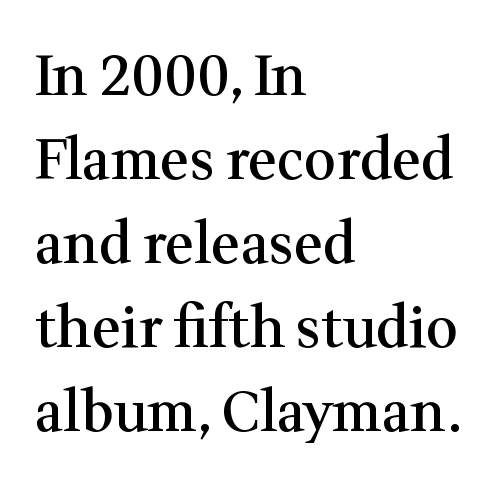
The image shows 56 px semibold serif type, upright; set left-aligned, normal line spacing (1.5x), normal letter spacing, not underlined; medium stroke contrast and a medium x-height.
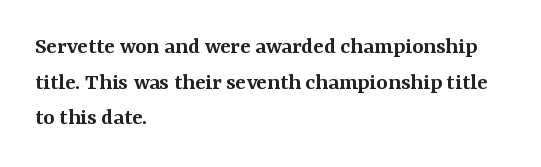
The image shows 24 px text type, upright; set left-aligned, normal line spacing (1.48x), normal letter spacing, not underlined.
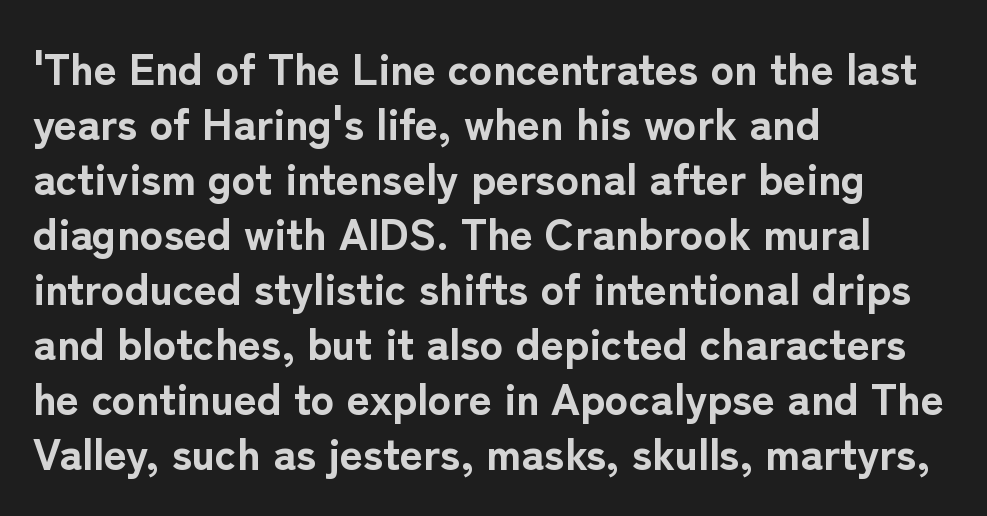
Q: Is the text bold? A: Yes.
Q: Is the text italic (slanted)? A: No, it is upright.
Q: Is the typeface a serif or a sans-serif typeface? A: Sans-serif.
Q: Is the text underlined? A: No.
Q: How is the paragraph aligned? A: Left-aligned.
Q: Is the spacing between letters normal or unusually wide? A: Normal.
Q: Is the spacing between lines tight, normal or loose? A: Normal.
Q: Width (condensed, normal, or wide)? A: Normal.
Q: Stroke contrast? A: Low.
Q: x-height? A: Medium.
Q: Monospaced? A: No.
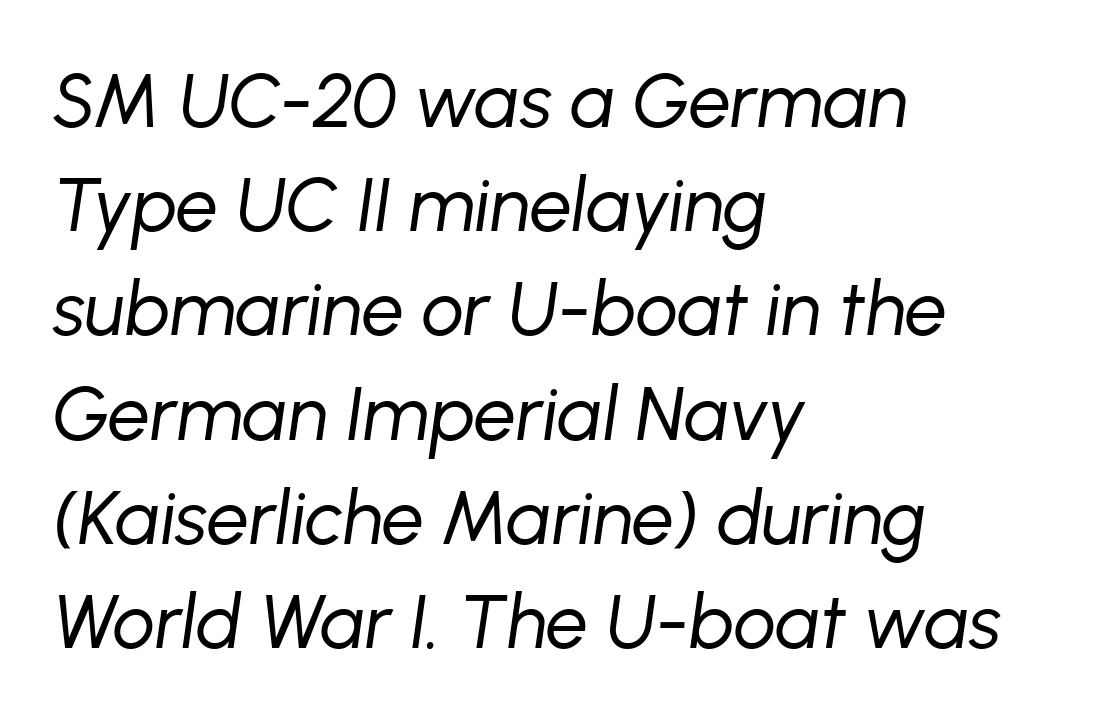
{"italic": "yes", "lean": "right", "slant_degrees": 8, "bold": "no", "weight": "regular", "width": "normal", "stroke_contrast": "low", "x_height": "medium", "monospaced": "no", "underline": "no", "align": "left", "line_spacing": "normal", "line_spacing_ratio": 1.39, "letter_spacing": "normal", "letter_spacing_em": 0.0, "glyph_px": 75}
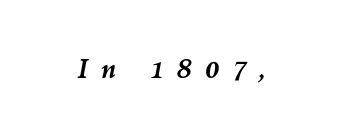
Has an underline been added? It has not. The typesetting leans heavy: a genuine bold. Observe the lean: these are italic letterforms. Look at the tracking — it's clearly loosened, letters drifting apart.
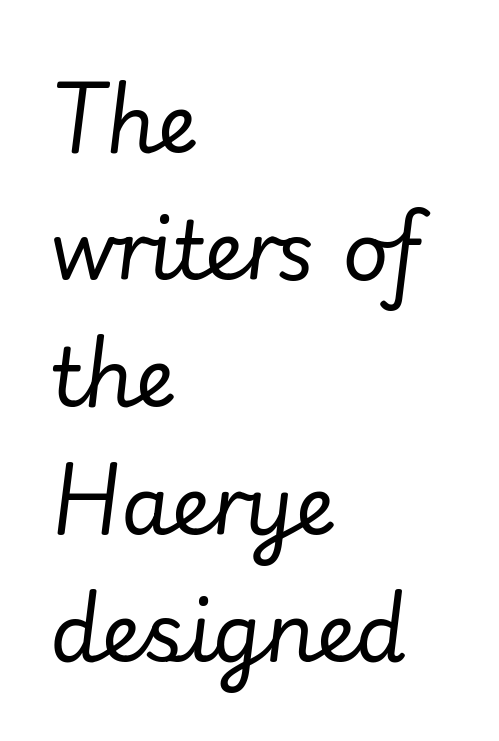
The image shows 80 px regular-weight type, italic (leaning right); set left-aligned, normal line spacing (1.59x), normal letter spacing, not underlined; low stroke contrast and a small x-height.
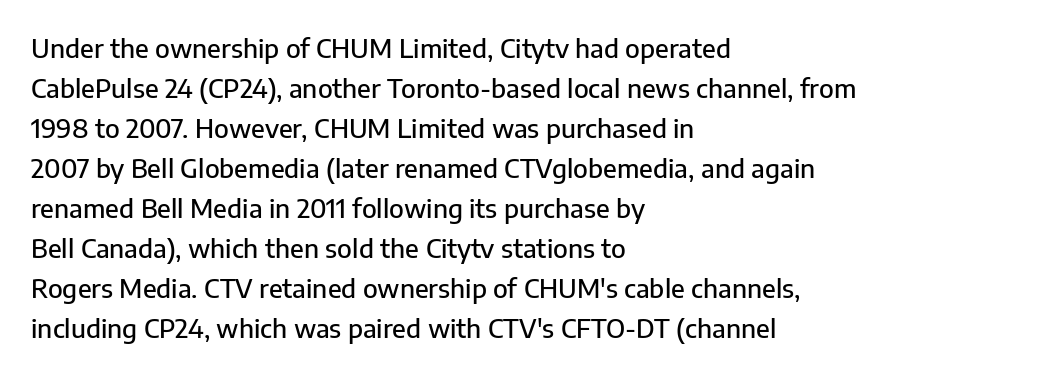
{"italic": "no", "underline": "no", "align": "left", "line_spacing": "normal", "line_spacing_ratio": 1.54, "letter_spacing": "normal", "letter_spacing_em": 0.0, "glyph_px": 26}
■ ■ ■ ■
Activity: Please restate the material word for word; the pictures stay out.

Task solution:
The image shows 56 px semibold serif type, upright; set left-aligned, normal line spacing (1.5x), normal letter spacing, not underlined; medium stroke contrast and a medium x-height.
The image shows 24 px text type, upright; set left-aligned, normal line spacing (1.48x), normal letter spacing, not underlined.
Q: Is the text bold? A: Yes.
Q: Is the text italic (slanted)? A: No, it is upright.
Q: Is the typeface a serif or a sans-serif typeface? A: Sans-serif.
Q: Is the text underlined? A: No.
Q: How is the paragraph aligned? A: Left-aligned.
Q: Is the spacing between letters normal or unusually wide? A: Normal.
Q: Is the spacing between lines tight, normal or loose? A: Normal.
Q: Width (condensed, normal, or wide)? A: Normal.
Q: Stroke contrast? A: Low.
Q: x-height? A: Medium.
Q: Monospaced? A: No.
{"italic": "yes", "lean": "right", "slant_degrees": 8, "bold": "no", "weight": "regular", "width": "normal", "stroke_contrast": "low", "x_height": "medium", "monospaced": "no", "underline": "no", "align": "left", "line_spacing": "normal", "line_spacing_ratio": 1.39, "letter_spacing": "normal", "letter_spacing_em": 0.0, "glyph_px": 75}
Has an underline been added? It has not. The typesetting leans heavy: a genuine bold. Observe the lean: these are italic letterforms. Look at the tracking — it's clearly loosened, letters drifting apart.
The image shows 80 px regular-weight type, italic (leaning right); set left-aligned, normal line spacing (1.59x), normal letter spacing, not underlined; low stroke contrast and a small x-height.
{"italic": "no", "underline": "no", "align": "left", "line_spacing": "normal", "line_spacing_ratio": 1.54, "letter_spacing": "normal", "letter_spacing_em": 0.0, "glyph_px": 26}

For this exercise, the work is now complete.